_Your goal_: Would you write out, exactly as they stand, all lines from the one containing "Measured at 10.5 s after image 1." through the end of the listing below, and only those?
Top of Records shown
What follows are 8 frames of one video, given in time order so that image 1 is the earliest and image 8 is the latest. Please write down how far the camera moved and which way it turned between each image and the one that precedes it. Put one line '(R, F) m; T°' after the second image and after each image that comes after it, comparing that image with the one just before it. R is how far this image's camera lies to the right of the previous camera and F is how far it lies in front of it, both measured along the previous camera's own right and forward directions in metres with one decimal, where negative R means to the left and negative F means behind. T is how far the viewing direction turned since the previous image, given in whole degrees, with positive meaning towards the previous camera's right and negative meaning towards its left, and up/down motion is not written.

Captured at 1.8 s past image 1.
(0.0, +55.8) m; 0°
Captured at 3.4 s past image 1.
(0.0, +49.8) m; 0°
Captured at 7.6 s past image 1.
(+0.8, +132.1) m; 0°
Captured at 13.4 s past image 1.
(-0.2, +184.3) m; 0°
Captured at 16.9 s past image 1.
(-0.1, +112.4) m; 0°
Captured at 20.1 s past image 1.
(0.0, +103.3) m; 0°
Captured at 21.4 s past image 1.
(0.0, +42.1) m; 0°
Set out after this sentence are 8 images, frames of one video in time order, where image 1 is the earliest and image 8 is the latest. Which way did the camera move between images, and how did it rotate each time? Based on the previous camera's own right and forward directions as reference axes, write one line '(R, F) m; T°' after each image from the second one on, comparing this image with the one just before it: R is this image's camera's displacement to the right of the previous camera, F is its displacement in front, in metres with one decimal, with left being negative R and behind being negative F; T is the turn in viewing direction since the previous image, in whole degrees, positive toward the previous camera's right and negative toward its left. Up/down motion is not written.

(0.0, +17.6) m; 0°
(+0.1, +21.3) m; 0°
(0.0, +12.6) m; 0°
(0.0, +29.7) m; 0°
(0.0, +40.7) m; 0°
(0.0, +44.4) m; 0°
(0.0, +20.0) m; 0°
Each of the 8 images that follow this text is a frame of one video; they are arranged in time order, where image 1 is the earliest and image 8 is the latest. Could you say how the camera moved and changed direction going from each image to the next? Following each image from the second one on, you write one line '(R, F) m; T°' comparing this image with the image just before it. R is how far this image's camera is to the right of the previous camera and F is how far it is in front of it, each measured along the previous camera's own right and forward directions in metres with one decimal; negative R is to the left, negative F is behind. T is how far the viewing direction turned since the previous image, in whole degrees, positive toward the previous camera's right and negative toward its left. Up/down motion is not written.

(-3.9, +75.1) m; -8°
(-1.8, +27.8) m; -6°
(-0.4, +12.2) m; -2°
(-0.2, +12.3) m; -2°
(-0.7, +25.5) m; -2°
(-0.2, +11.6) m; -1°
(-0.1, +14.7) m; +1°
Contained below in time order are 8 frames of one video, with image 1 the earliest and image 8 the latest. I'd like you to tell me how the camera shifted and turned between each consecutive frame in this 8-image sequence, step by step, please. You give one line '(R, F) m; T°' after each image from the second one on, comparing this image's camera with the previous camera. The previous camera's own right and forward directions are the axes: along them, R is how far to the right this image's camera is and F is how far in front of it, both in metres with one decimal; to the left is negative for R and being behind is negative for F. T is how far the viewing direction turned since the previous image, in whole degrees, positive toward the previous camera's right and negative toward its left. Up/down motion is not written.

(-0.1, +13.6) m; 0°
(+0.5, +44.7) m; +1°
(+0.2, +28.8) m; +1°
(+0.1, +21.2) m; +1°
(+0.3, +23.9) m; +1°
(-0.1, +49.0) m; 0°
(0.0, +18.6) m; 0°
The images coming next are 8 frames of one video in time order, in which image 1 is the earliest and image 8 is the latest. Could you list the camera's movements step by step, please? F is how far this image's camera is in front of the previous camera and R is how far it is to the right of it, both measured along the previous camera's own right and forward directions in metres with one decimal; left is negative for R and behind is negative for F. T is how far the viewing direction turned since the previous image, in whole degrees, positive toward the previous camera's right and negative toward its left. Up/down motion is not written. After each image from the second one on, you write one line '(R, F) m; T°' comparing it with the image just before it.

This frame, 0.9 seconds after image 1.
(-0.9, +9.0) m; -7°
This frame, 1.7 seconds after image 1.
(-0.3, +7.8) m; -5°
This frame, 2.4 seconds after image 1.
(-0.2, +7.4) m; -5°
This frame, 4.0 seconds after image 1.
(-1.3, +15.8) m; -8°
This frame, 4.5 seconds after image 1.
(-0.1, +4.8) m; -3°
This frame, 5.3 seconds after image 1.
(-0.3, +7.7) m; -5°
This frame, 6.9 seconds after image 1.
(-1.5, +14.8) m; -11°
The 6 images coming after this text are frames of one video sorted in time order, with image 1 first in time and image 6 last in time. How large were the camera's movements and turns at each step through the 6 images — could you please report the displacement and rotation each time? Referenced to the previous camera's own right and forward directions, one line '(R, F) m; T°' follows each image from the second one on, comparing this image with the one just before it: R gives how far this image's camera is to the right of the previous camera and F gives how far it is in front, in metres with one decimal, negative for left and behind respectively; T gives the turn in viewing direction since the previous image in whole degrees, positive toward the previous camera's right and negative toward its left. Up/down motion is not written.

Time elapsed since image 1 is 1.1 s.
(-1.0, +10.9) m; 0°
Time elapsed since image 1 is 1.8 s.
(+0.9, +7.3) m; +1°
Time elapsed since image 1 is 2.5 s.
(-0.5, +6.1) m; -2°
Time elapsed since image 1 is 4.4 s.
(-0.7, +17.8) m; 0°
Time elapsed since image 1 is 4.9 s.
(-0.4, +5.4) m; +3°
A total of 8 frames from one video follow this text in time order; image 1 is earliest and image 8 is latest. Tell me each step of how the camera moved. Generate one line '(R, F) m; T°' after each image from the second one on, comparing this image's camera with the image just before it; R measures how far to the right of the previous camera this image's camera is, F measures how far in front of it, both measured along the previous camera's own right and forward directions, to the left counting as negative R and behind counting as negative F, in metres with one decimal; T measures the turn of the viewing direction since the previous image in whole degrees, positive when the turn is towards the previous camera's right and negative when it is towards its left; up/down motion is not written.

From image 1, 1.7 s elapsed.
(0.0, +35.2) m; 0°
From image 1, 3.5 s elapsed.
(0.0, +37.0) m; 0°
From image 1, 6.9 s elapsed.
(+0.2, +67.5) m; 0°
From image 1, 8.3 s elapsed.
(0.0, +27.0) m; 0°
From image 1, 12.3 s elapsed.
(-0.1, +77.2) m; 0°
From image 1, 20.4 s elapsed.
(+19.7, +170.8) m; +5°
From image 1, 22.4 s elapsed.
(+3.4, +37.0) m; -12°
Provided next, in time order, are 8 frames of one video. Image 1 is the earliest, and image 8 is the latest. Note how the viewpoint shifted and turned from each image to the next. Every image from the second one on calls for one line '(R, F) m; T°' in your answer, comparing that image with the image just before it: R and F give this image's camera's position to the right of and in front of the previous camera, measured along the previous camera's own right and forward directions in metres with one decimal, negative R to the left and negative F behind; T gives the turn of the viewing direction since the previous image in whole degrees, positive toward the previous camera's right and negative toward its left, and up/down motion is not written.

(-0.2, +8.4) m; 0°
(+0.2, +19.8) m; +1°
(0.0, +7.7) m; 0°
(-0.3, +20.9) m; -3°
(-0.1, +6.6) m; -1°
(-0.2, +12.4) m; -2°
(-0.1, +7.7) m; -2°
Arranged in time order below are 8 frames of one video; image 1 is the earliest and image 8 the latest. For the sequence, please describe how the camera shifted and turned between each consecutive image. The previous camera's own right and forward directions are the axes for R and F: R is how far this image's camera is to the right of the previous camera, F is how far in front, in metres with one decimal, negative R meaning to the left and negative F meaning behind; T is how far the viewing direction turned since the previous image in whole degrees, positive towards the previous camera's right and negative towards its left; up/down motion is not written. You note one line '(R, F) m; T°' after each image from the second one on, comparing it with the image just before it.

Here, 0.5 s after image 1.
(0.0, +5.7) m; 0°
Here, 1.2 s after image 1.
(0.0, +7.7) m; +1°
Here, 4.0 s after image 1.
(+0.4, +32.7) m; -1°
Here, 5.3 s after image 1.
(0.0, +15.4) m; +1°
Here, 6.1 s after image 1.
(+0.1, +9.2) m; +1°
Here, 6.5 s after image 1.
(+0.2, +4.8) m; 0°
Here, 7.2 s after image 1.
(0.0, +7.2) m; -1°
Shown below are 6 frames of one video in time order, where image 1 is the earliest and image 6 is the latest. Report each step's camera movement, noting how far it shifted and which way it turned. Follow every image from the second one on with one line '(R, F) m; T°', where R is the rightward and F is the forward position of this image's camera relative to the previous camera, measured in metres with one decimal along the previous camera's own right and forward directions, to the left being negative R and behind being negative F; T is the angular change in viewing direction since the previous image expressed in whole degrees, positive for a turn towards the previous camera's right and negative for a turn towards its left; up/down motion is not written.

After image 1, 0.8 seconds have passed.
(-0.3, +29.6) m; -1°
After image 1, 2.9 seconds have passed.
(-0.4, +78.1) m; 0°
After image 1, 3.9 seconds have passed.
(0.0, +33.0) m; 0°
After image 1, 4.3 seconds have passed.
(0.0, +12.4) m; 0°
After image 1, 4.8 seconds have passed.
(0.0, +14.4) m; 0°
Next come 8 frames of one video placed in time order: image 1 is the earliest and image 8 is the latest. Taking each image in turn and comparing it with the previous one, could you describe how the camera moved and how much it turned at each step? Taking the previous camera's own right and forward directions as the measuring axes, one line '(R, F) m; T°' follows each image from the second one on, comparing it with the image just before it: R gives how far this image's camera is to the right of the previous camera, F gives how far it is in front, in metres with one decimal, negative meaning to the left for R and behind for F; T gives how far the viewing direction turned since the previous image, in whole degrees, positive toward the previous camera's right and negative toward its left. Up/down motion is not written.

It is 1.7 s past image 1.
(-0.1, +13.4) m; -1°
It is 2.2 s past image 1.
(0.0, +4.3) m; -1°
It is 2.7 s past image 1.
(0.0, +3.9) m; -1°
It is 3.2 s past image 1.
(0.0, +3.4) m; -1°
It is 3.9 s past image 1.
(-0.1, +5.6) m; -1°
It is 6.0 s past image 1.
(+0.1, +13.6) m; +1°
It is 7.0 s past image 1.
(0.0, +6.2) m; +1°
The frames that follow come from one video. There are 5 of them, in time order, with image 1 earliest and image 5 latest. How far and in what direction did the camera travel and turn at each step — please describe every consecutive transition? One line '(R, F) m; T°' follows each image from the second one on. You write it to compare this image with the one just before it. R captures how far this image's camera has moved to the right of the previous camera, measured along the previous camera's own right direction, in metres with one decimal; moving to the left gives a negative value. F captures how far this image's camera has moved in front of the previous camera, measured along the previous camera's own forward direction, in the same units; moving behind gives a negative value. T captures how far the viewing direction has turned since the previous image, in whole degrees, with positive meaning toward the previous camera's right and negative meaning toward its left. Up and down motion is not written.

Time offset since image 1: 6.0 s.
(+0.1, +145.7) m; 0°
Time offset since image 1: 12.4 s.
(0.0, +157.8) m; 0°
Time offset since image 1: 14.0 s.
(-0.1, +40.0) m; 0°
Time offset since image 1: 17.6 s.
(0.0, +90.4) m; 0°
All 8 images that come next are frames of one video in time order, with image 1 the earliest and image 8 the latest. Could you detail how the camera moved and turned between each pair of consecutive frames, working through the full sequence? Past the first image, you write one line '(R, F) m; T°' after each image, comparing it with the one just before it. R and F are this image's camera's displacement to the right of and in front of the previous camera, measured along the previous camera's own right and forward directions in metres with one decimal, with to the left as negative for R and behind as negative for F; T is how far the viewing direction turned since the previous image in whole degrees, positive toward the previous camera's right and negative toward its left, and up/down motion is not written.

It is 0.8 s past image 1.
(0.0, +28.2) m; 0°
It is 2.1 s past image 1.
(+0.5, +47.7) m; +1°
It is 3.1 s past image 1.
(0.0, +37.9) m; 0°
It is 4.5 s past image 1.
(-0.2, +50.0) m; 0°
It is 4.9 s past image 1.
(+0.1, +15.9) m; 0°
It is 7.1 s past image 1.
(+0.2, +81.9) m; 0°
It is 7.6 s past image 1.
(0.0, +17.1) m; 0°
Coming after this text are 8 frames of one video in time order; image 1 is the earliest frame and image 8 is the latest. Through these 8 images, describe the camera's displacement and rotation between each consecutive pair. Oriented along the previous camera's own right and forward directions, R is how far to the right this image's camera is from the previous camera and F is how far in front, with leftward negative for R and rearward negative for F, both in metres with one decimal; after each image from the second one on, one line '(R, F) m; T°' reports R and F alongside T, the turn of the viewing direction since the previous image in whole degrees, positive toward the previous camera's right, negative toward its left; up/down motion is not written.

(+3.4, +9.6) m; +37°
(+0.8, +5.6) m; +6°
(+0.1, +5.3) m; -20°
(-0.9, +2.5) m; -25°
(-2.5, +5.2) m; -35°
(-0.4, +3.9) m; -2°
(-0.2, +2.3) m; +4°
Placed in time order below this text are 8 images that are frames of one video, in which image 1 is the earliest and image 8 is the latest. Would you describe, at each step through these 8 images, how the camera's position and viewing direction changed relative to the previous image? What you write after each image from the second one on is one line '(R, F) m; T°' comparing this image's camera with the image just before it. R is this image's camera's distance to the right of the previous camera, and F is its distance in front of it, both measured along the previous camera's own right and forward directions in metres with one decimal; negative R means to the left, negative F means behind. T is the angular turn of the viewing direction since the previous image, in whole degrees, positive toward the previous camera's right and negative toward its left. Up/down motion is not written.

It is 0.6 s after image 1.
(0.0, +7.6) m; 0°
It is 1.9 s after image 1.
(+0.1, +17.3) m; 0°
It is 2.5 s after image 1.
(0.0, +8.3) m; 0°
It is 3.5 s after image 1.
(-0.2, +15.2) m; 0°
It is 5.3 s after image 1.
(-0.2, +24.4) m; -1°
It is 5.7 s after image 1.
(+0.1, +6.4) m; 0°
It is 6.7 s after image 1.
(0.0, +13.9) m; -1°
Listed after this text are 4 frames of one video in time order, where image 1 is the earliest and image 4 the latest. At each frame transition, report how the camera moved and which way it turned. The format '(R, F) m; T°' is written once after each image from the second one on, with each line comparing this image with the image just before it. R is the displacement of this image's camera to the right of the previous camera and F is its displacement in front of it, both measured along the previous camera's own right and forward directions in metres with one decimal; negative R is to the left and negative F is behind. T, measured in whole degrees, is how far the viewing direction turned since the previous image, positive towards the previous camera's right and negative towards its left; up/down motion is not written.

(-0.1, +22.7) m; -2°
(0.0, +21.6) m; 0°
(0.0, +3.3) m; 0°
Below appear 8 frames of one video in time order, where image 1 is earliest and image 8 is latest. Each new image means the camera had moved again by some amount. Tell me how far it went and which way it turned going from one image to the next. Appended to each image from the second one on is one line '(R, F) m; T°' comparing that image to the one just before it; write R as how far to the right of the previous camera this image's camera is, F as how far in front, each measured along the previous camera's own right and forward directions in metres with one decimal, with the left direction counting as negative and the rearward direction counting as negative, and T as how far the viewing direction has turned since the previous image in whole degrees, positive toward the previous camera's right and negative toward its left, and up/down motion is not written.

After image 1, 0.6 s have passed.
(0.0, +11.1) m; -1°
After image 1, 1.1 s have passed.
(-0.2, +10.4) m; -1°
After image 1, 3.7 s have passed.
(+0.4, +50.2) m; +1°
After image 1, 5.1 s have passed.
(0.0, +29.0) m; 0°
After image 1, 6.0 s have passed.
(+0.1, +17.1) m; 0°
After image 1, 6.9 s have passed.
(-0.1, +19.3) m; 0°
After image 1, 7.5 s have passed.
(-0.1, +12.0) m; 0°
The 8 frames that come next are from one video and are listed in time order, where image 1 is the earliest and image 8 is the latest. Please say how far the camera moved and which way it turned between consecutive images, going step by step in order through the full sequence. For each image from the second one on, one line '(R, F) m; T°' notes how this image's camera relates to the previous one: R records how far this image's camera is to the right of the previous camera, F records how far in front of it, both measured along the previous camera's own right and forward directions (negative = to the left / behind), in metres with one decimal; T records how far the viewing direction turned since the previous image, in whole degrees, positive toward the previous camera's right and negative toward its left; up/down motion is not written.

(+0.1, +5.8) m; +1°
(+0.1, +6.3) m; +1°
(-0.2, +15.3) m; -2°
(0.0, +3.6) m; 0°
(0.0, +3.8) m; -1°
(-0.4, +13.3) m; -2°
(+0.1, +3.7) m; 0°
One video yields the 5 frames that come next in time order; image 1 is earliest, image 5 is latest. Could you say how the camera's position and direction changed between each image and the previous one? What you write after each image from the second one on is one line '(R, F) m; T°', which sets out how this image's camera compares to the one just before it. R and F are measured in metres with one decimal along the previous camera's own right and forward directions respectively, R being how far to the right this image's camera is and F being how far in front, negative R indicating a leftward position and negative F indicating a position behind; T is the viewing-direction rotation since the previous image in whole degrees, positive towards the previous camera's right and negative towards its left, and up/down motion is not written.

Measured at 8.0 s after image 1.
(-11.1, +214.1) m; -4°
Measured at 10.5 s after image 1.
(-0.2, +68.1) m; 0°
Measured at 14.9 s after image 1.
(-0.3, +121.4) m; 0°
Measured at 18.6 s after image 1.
Bottom of Records shown
_Solution for this task_:
Measured at 10.5 s after image 1.
(-0.2, +68.1) m; 0°
Measured at 14.9 s after image 1.
(-0.3, +121.4) m; 0°
Measured at 18.6 s after image 1.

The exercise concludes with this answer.